This combination of combining 3D X-ray data with continuum dislocation mechanics was extended by Naragani et al. to reconstruct intergranular stress fields in deforming polycrystals without evolving plasticity descriptions [24]. The full 3D orientation field of an Inconel 625 polycrystal was measured using near-field HEDM [25] along with the grain average elastic strain tensors in situ during monotonic plastic deformation. Typically, far-field HEDM is only capable of probing the average elastic strain and stress states of individual grains; however, combining these data with a micromechanics formulation derived to maintain compatibility and equilibrium, more information can be extracted from the data than can be measured directly (as seen in Fig. 3B, which shows the raw 3D and reconstructed intragranular stress fields). Of particular value is the ability to now probe the stress concentrations that develop around grain boundaries which may ultimately influence macroscopic 170 fatigue and fracture properties.

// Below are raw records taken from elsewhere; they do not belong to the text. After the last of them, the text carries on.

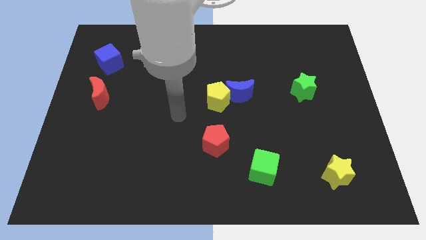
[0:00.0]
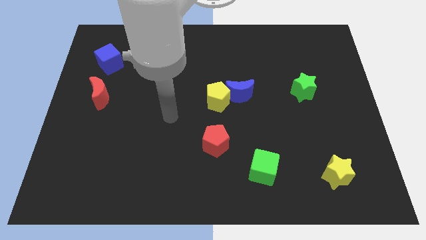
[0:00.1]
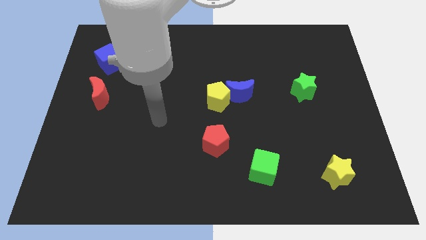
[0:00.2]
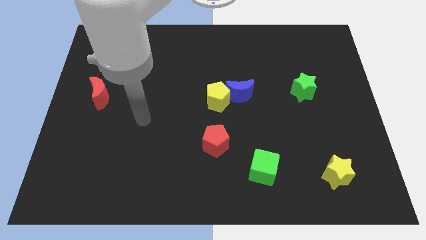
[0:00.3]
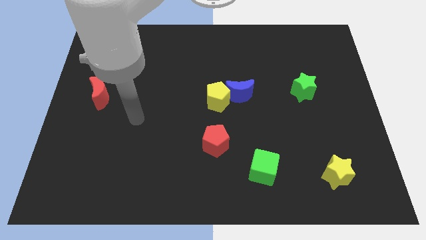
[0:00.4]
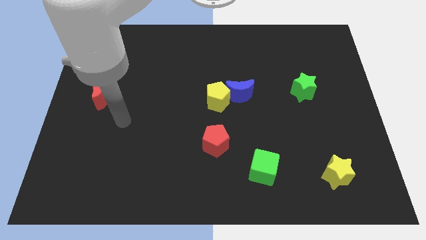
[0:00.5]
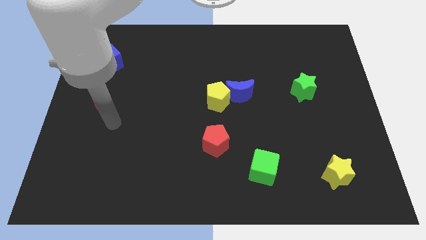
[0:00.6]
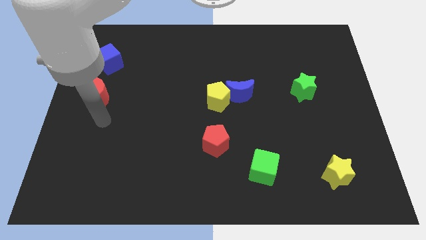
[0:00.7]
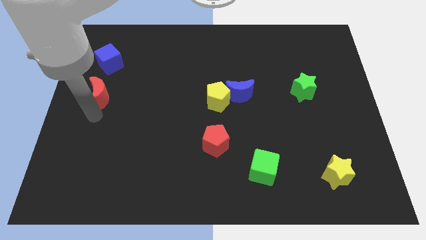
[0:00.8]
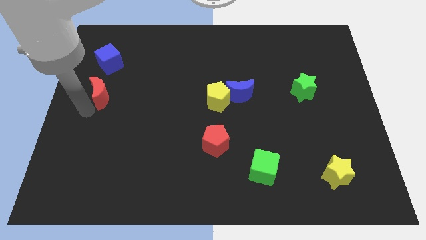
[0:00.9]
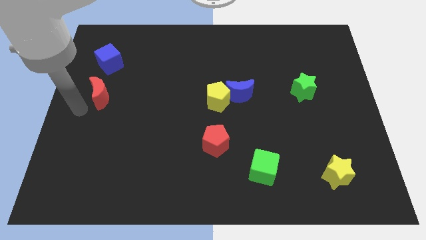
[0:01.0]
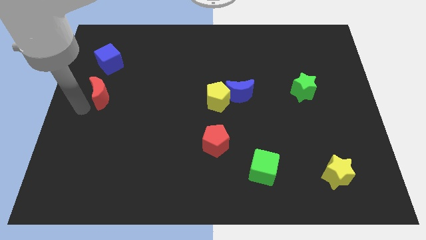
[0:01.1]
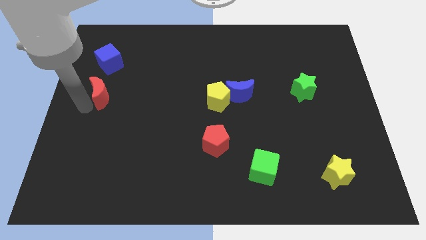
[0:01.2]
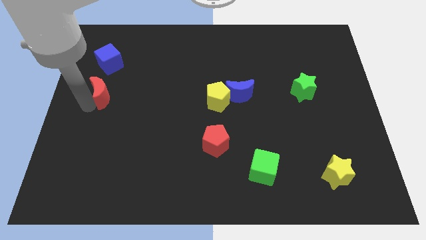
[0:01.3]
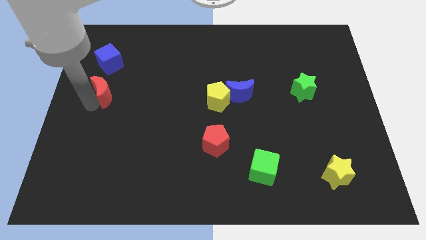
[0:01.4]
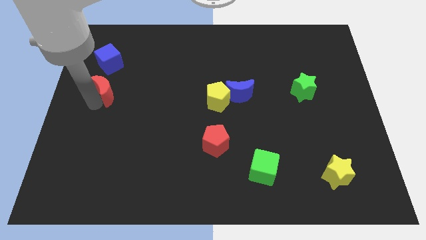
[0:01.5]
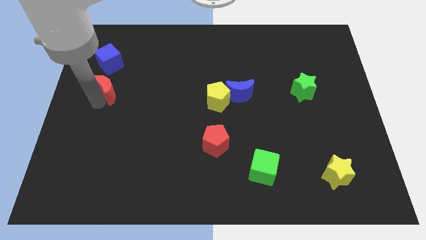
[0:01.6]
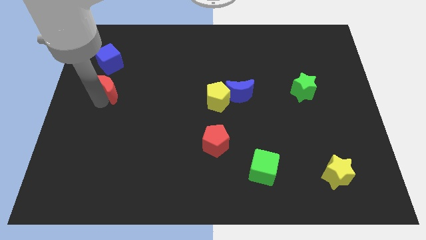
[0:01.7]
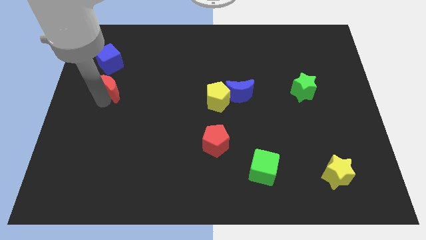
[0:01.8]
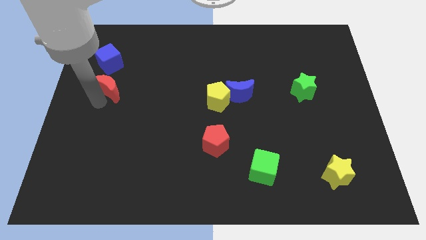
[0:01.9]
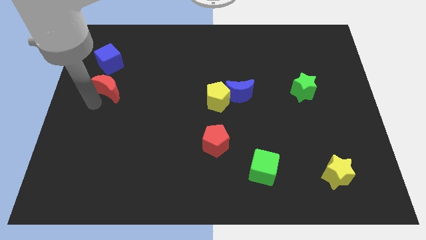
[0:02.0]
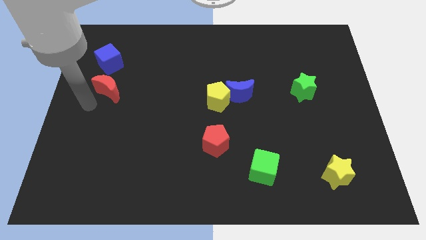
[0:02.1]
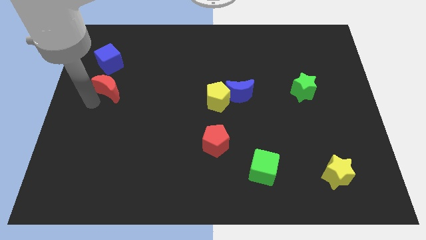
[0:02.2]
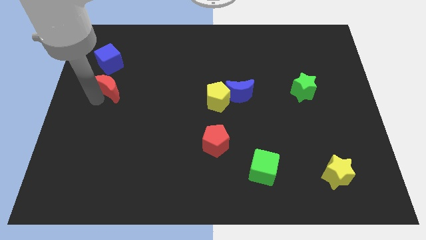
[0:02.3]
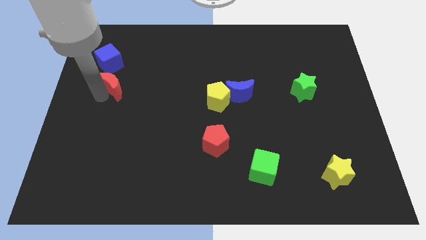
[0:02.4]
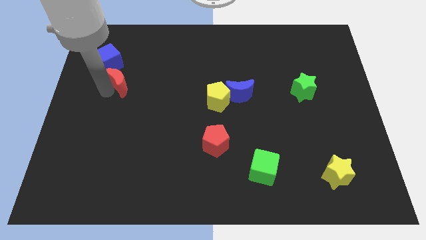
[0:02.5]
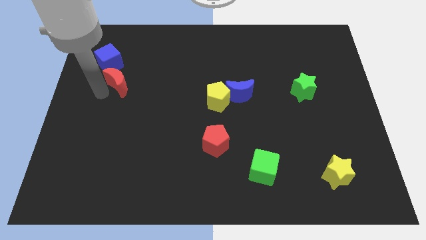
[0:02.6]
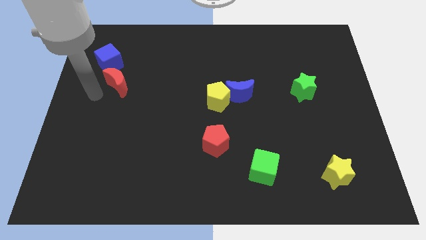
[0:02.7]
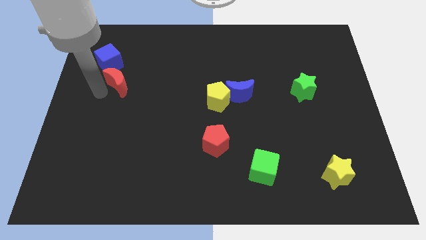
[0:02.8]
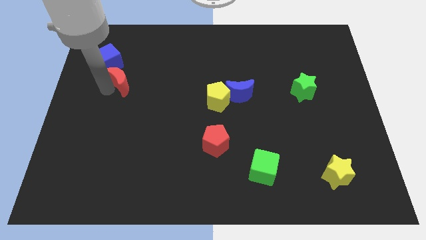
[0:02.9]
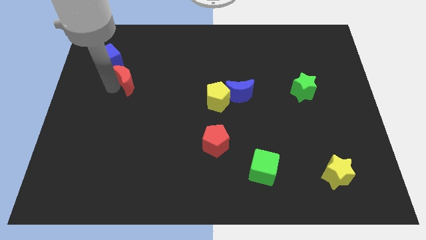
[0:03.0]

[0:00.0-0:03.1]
move the red moon a bit upwards and right diagonally

In a similar fashion, Pagan et al. combined near-field HEDM and far-field HEDM along with constitutive modeling to extract more from the data than would be available directly [26]. In this case, crystal plasticity was used to reconstruct the slip field in a deforming Ti-7Al polycrystal. Direct characterization of crystallographic slip through diffraction methods has traditionally not been possible, as dislocations moving through a crystal lattice leave the lattice unchanged [27]. As the lattice is what is interrogated with diffraction, complete crystallographic slip is generally “invisible”. However, by looking at heterogeneities of orientation that remain after heterogeneous plastic flow through the lens of crystal plasticity kinematics, determining the slip that must have occurred for the deformation to happen can be possible. Figure 3C shows the total crystallographic slip and slip resolved on to different slip system families in the Ti-7Al polycrystal after 2% strain. With these extended slip fields, it was found that slip through the polycrystal was dictated not just by local grain orientation and immediate grain neighborhoods (following prevailing understanding), but by extended networks of grains favorably oriented for slip.

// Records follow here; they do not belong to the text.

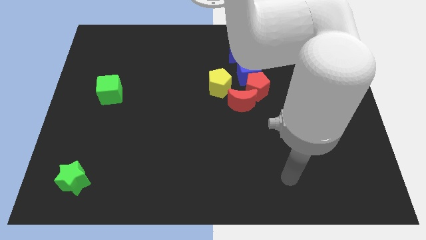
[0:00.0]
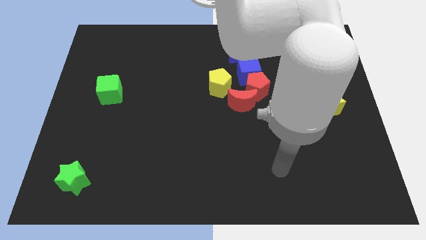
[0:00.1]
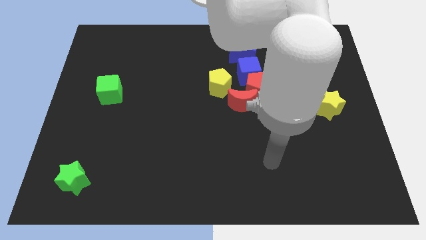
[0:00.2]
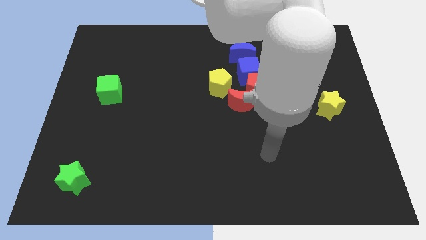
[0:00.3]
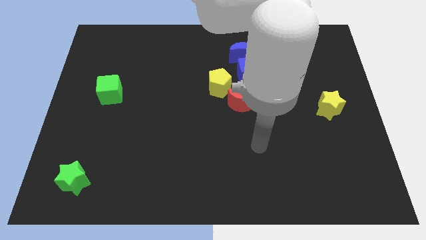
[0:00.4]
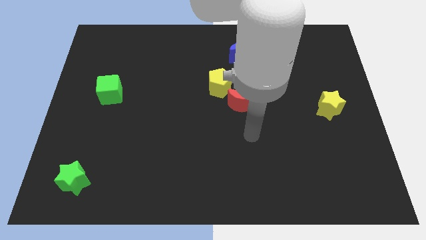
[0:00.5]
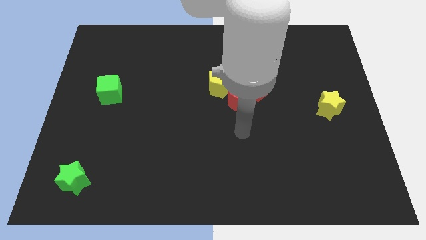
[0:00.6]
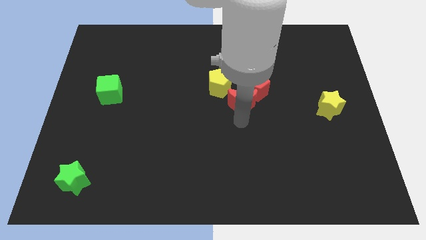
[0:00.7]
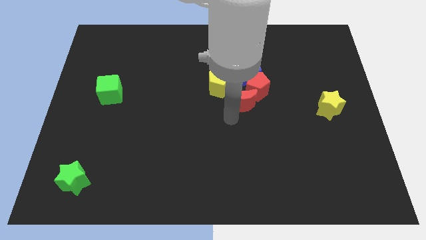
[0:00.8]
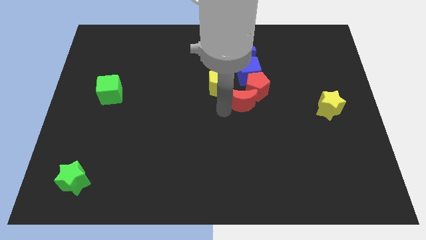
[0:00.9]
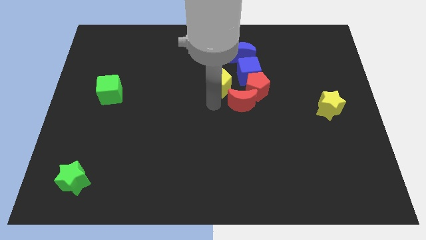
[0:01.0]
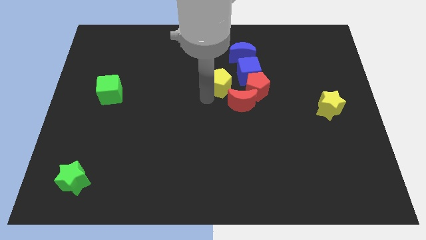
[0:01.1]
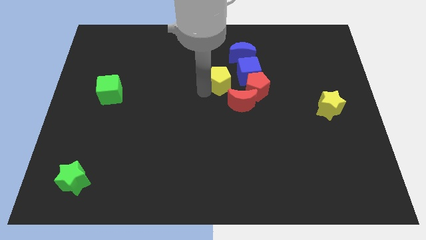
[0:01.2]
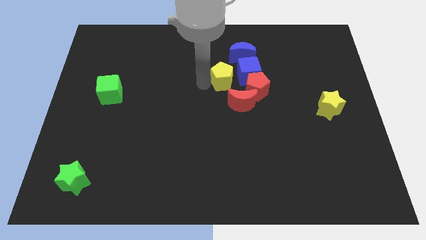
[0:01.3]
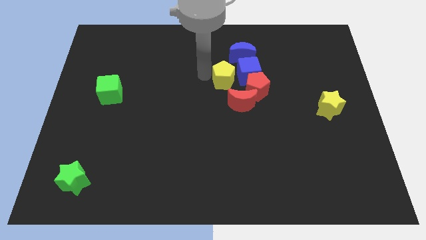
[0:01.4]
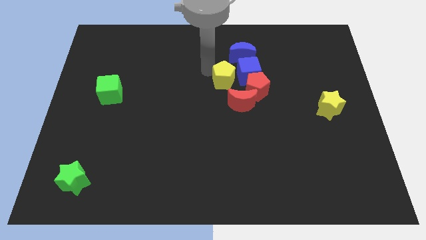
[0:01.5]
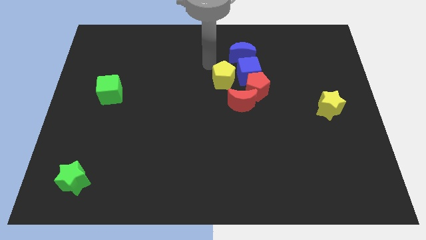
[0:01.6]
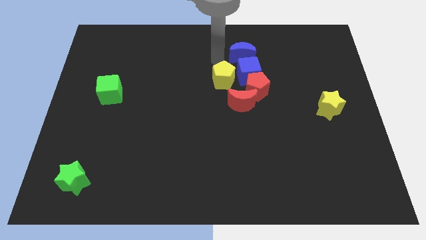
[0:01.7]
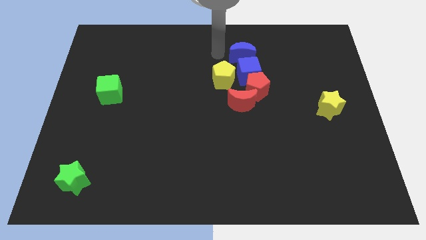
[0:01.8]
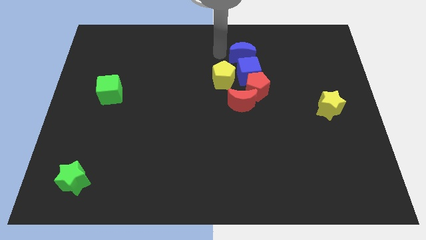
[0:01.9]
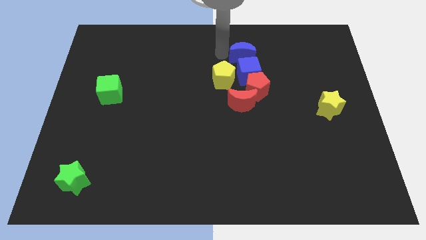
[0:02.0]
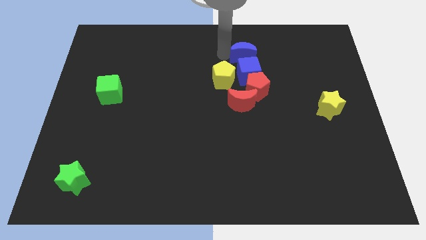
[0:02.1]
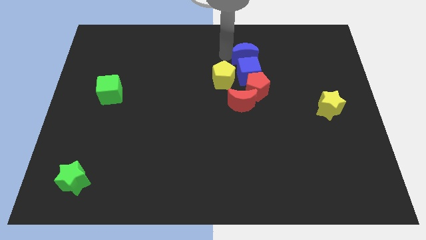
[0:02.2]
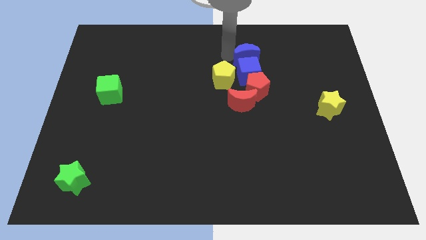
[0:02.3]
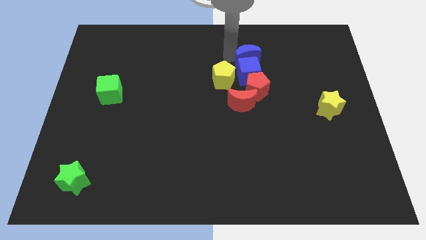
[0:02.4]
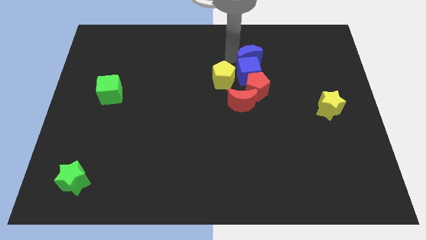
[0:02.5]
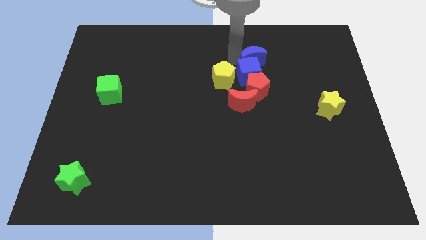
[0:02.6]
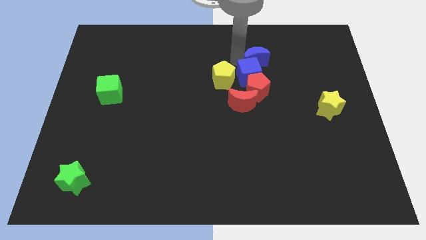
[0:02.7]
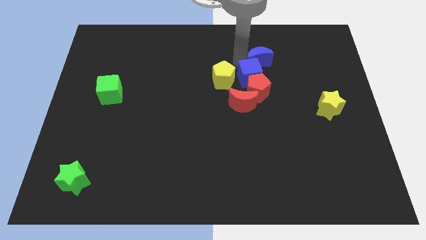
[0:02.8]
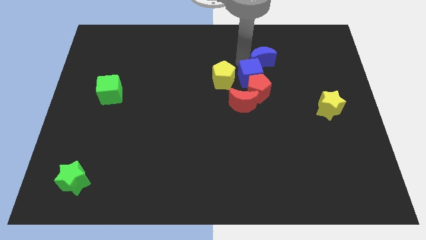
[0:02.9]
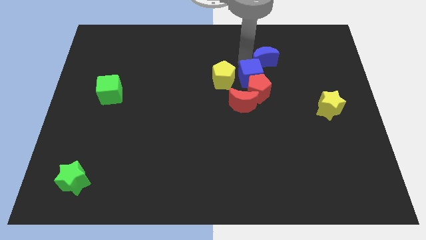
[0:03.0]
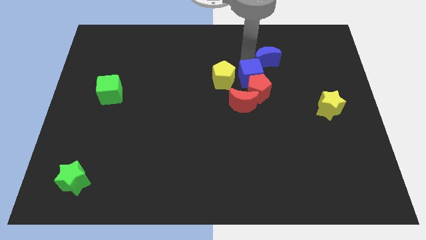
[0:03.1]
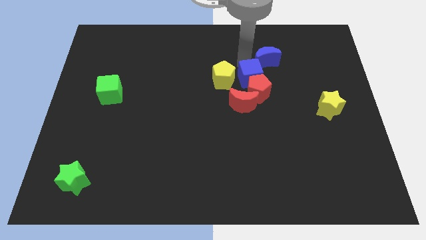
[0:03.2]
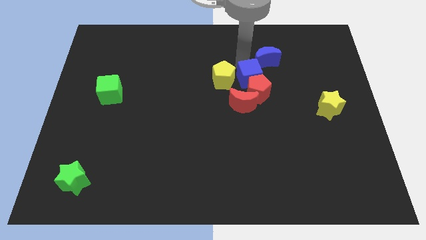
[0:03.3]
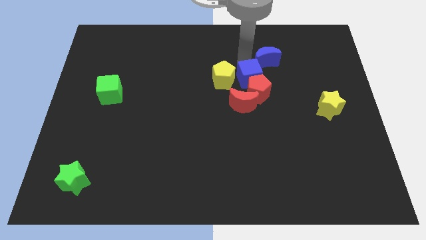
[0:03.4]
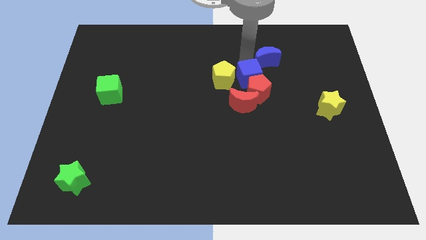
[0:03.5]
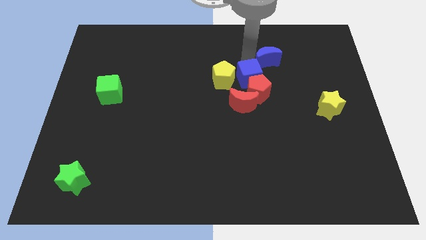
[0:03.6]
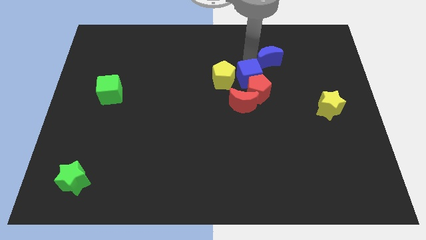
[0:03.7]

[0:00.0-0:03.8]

5. Reduced-Order Surrogate Modeling

While CPFEM and CPFFT simulations present the state-of-the-art with respect to prediction of the complex heterogeneous deformation fields in polycrystalline materials, they come at a relatively high computational cost. Indeed, high-fidelity simulations often require (at the least) high-powered computational workstations and (more often) multi-nodal computational clusters. While the level of fidelity afforded by these simulation methods allow for inspection at intragranular scales, this is not always necessary for specific applications and likewise may be too computationally expensive to embed in component-scale simulations. Consequently, the development of reduced-order—or surrogate—models offers a path forward in including the user-desired essence of full-field models at reduced computational cost.

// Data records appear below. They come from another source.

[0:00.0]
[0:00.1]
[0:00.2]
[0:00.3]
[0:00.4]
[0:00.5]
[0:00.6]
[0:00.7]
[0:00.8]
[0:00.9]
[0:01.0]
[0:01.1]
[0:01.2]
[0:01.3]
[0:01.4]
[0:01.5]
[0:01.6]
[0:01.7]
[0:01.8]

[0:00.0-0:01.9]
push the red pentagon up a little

Machine learning methods have been increasingly attractive to help distill these complex trends into relatively efficient computational models. One such approach is to utilize a graph neural network (GNN) framework. GNNs model the response (generally) of networks of “nodes” and “edges” connecting those nodes, which both may be described by “features”, and together define a graph. This adheres naturally to the microstructural topology of a polycrystal, where grains or crystals correspond to nodes, and the granular connectivity or boundaries to edges). In [28], a GNN framework was employed to model the grainaveraged elastic response of grains in polycrystalline materials of varying degrees of elastic anisotropy. A transfer learning approach was demonstrated, where the GNN is trained with CPFEM data and used to predict the micromechanical response of an experimental specimen’s micromechanical response measured via far-field HEDM (an overview of the process is presented in Fig. 4). Results of this study yielded predictions which correspond well to both CPFEM and experimental data, and surpass the predictions from mean-field approaches, though at significantly reduced computational cost compared to CPFEM simulations. In the future, both CPFEM and 3D data can be used in tandem for surrogate model training with enhanced accuracy for engineering applications.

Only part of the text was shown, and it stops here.